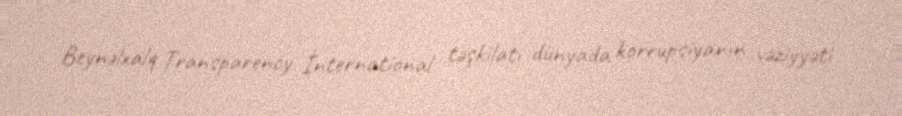
Beynəlxalq Transparency İnternational təşkilatı dünyada korrupsiyanın vəziyyəti
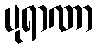
ပုရာဏာ
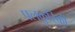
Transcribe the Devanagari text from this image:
पलकुरिकी
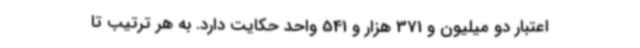
اعتبار دو میلیون و 371 هزار و 541 واحد حکایت دارد. به هر ترتیب تا
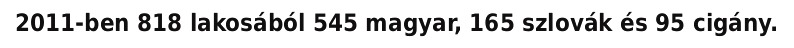
2011-ben 818 lakosából 545 magyar, 165 szlovák és 95 cigány.
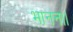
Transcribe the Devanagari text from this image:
भानन।।
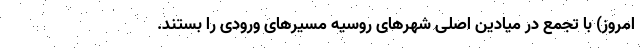
امروز) با تجمع در میادین اصلی شهرهای روسیه مسیرهای ورودی را بستند.
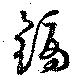
鏑
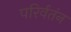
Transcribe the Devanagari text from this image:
परिर्वतंन
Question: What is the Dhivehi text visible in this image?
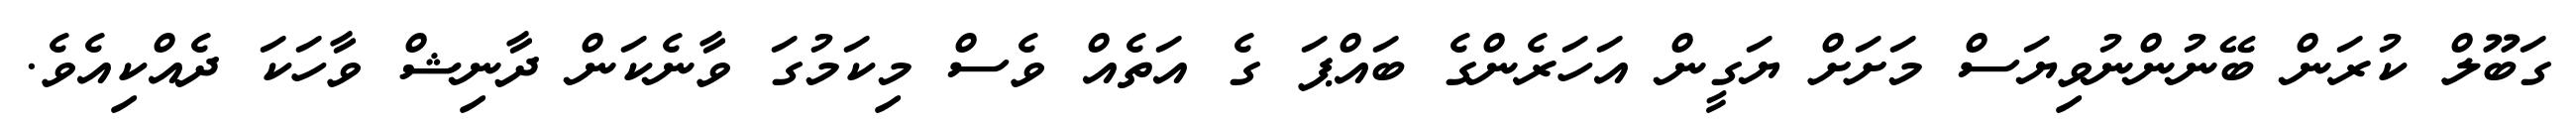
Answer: ގަބޫލް ކުރަން ބޭނުންނުވިޔަސް މަށަށް ޔަގީން އަހަރެންގެ ބައްޕަ ގެ އަތެއް ވެސް މިކަމުގަ ވާނެކަން ދާނިޝް ވާހަކަ ދެއްކިއެވެ.
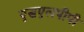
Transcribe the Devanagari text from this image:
एसएलपीपी
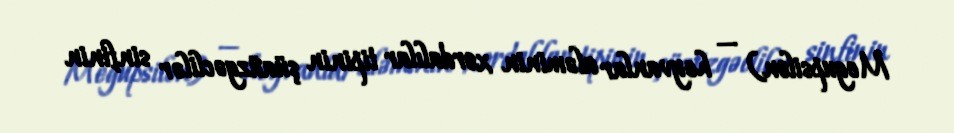
Megupsilon) — heyvanlar aləminin xordalılar tipinin şüaüzgəclilər sinfinin
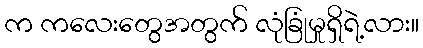
က ကလေးတွေအတွက် လုံခြုံမှုရှိရဲ့လား။
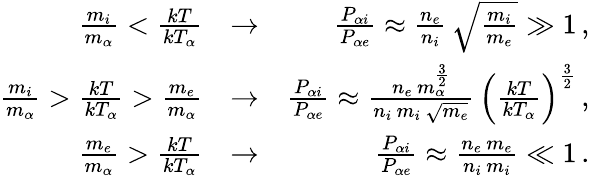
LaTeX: \begin{array}{rlr}{\frac{m_{i}}{m_{\alpha}}<\frac{kT}{kT_{\alpha}}}&{\rightarrow}&{\frac{P_{\alpha i}}{P_{\alpha e}}\approx\frac{n_{e}}{n_{i}}\, \sqrt{\frac{m_{i}}{m_{e}}}\gg 1\, ,}\\ {\frac{m_{i}}{m_{\alpha}}>\frac{kT}{kT_{\alpha}}>\frac{m_{e}}{m_{\alpha}}}&{\rightarrow}&{\frac{P_{\alpha i}}{P_{\alpha e}}\approx\frac{n_{e}\, m_{\alpha}^{\frac{3}{2}}}{n_{i}\, m_{i}\, \sqrt{m_{e}}}\, \left(\frac{kT}{kT_{\alpha}}\right)^{\frac{3}{2}}\, ,}\\ {\frac{m_{e}}{m_{\alpha}}>\frac{kT}{kT_{\alpha}}}&{\rightarrow}&{\frac{P_{\alpha i}}{P_{\alpha e}}\approx\frac{n_{e}\, m_{e}}{n_{i}\, m_{i}}\ll 1\, .}\end{array}
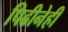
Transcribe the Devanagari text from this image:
पिढीनेही
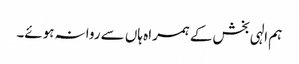
ہم الہی بخش کے ہمراہ ہاں سے روانہ ہوئے۔
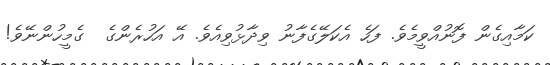
ކަމާއިގެން ފޮނުއްވީމެވެ. ފަހެ އެކަލޭގެފާނު ވިދާޅުވިއެވެ. އޭ އަހުރެންގެ  ގެމީހުންނޭވެ!
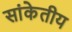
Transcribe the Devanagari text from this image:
सांकेतीय
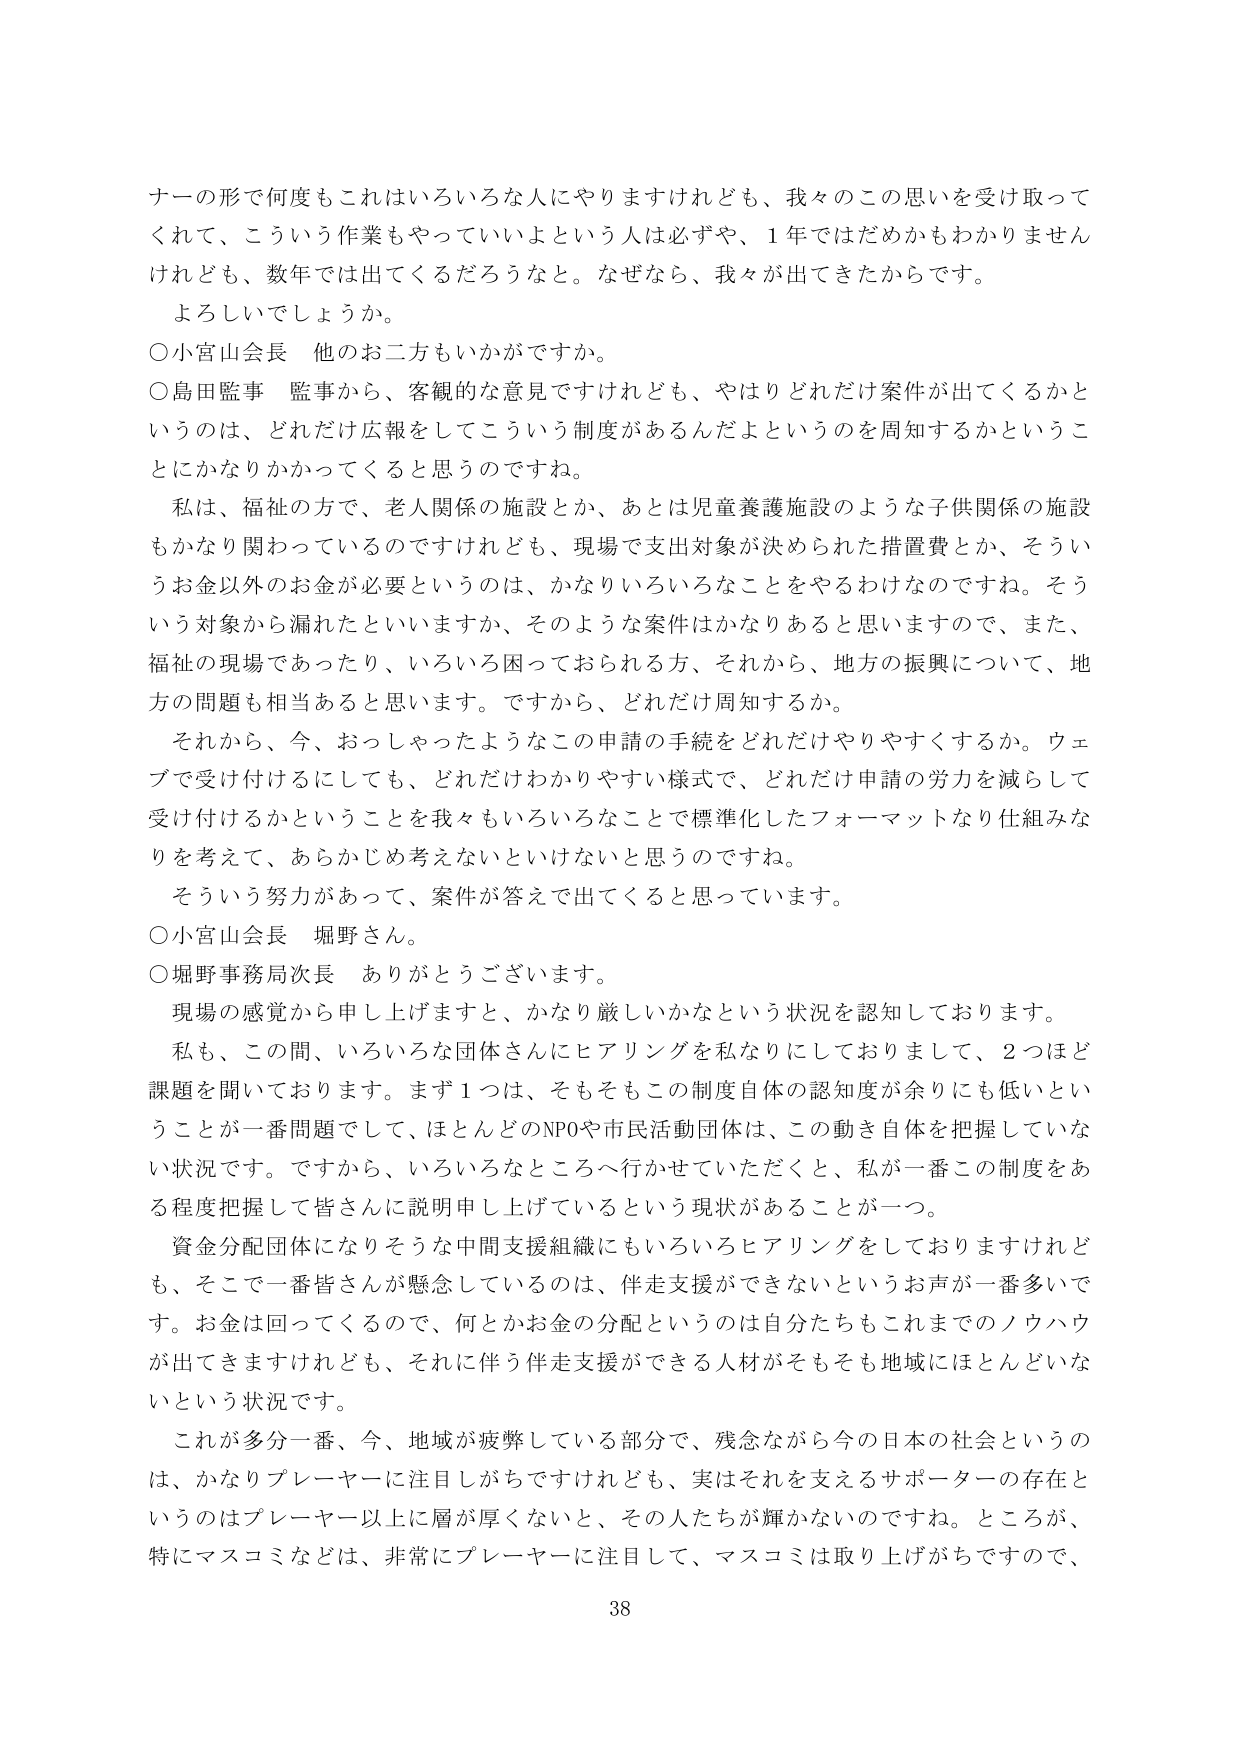
ナーの形で何度もこれはいろいろな人にやりますけれども、我々のこの思いを受け取って
くれて、こういう作業もやっていいよという人は必ずや、1年ではだめかもわかりません
けれども、数年では出てくるだろうなと。なぜなら、我々が出てきたからです。
よろしいでしょうか。
○小宮山会長 他のお二方もいかがですか。
○島田監事 監事から、客観的な意見ですけれども、やはりどれだけ案件が出てくるかと
いうのは、どれだけ広報をしてこういう制度があるんだよというのを周知するかというこ
とにかなりかかってくると思うのですね。
私は、福祉の方で、老人関係の施設とか、あとは児童養護施設のような子供関係の施設
もかなり関わっているのですけれども、現場で支出対象が決められた措置費とか、そうい
うお金以外のお金が必要というのは、かなりいろいろなことをやるわけなのですね。そう
いう対象から漏れたといいますか、そのような案件はかなりあると思いますので、また、
福祉の現場であったり、いろいろ困っておられる方、それから、地方の振興について、地
方の問題も相当あると思います。ですから、どれだけ周知するか。
それから、今、おっしゃったようなこの申請の手続をどれだけやりやすくするか。ウェ
ブで受け付けるにしても、どれだけわかりやすい様式で、どれだけ申請の労力を減らして
受け付けるかということを我々もいろいろなことで標準化したフォーマットなり仕組みな
りを考えて、あらかじめ考えないといけないと思うのですね。
そういう努力があって、案件が答えで出てくると思っています。
○小宮山会長 堀野さん。
○堀野事務局次長 ありがとうございます。
現場の感覚から申し上げますと、かなり厳しいかなという状況を認知しております。
私も、この間、いろいろな団体さんにヒアリングを私なりにしておりまして、2つほど
課題を聞いております。まず1つは、そもそもこの制度自体の認知度が余りにも低いとい
うことが一番問題として、ほとんどのNPOや市民活動団体は、この動き自体を把握していな
い状況です。ですから、いろいろなところへ行かせていただくと、私が一番この制度をあ
る程度把握して皆さんに説明申し上げているという現状があることが一つ。
資金分配団体になりそうな中間支援組織にもいろいろヒアリングをしておりますけれど
も、そこで一番皆さんが懸念しているのは、伴走支援ができないというお声が一番多いで
す。お金は回ってくるので、何とかお金の分配というのは自分たちもこれまでのノウハウ
が出てきますけれども、それに伴う伴走支援ができる人材がそもそも地域にほとんどいな
いという状況です。
これが多分一番、今、地域が疲弊している部分で、残念ながら今の日本の社会というの
は、かなりプレーヤーに注目しがちですけれども、実はそれを支えるサポーターの存在と
いうのはプレーヤー以上に層が厚くないと、その人たちが輝かないのですね。ところが、
特にマスコミなどは、非常にプレーヤーに注目して、マスコミは取り上げがちですので、
38

=======

● **WHAT THE TASK REQUIRES**: Please restate, exactly as written, the line that holds "くれて、こういう作業もやっていいよという人は必ずや、1年ではだめかもわかりません" and all remaining lines of the data above, and only those.

● **ANSWER**:
くれて、こういう作業もやっていいよという人は必ずや、1年ではだめかもわかりません
けれども、数年では出てくるだろうなと。なぜなら、我々が出てきたからです。
よろしいでしょうか。
○小宮山会長 他のお二方もいかがですか。
○島田監事 監事から、客観的な意見ですけれども、やはりどれだけ案件が出てくるかと
いうのは、どれだけ広報をしてこういう制度があるんだよというのを周知するかというこ
とにかなりかかってくると思うのですね。
私は、福祉の方で、老人関係の施設とか、あとは児童養護施設のような子供関係の施設
もかなり関わっているのですけれども、現場で支出対象が決められた措置費とか、そうい
うお金以外のお金が必要というのは、かなりいろいろなことをやるわけなのですね。そう
いう対象から漏れたといいますか、そのような案件はかなりあると思いますので、また、
福祉の現場であったり、いろいろ困っておられる方、それから、地方の振興について、地
方の問題も相当あると思います。ですから、どれだけ周知するか。
それから、今、おっしゃったようなこの申請の手続をどれだけやりやすくするか。ウェ
ブで受け付けるにしても、どれだけわかりやすい様式で、どれだけ申請の労力を減らして
受け付けるかということを我々もいろいろなことで標準化したフォーマットなり仕組みな
りを考えて、あらかじめ考えないといけないと思うのですね。
そういう努力があって、案件が答えで出てくると思っています。
○小宮山会長 堀野さん。
○堀野事務局次長 ありがとうございます。
現場の感覚から申し上げますと、かなり厳しいかなという状況を認知しております。
私も、この間、いろいろな団体さんにヒアリングを私なりにしておりまして、2つほど
課題を聞いております。まず1つは、そもそもこの制度自体の認知度が余りにも低いとい
うことが一番問題として、ほとんどのNPOや市民活動団体は、この動き自体を把握していな
い状況です。ですから、いろいろなところへ行かせていただくと、私が一番この制度をあ
る程度把握して皆さんに説明申し上げているという現状があることが一つ。
資金分配団体になりそうな中間支援組織にもいろいろヒアリングをしておりますけれど
も、そこで一番皆さんが懸念しているのは、伴走支援ができないというお声が一番多いで
す。お金は回ってくるので、何とかお金の分配というのは自分たちもこれまでのノウハウ
が出てきますけれども、それに伴う伴走支援ができる人材がそもそも地域にほとんどいな
いという状況です。
これが多分一番、今、地域が疲弊している部分で、残念ながら今の日本の社会というの
は、かなりプレーヤーに注目しがちですけれども、実はそれを支えるサポーターの存在と
いうのはプレーヤー以上に層が厚くないと、その人たちが輝かないのですね。ところが、
特にマスコミなどは、非常にプレーヤーに注目して、マスコミは取り上げがちですので、
38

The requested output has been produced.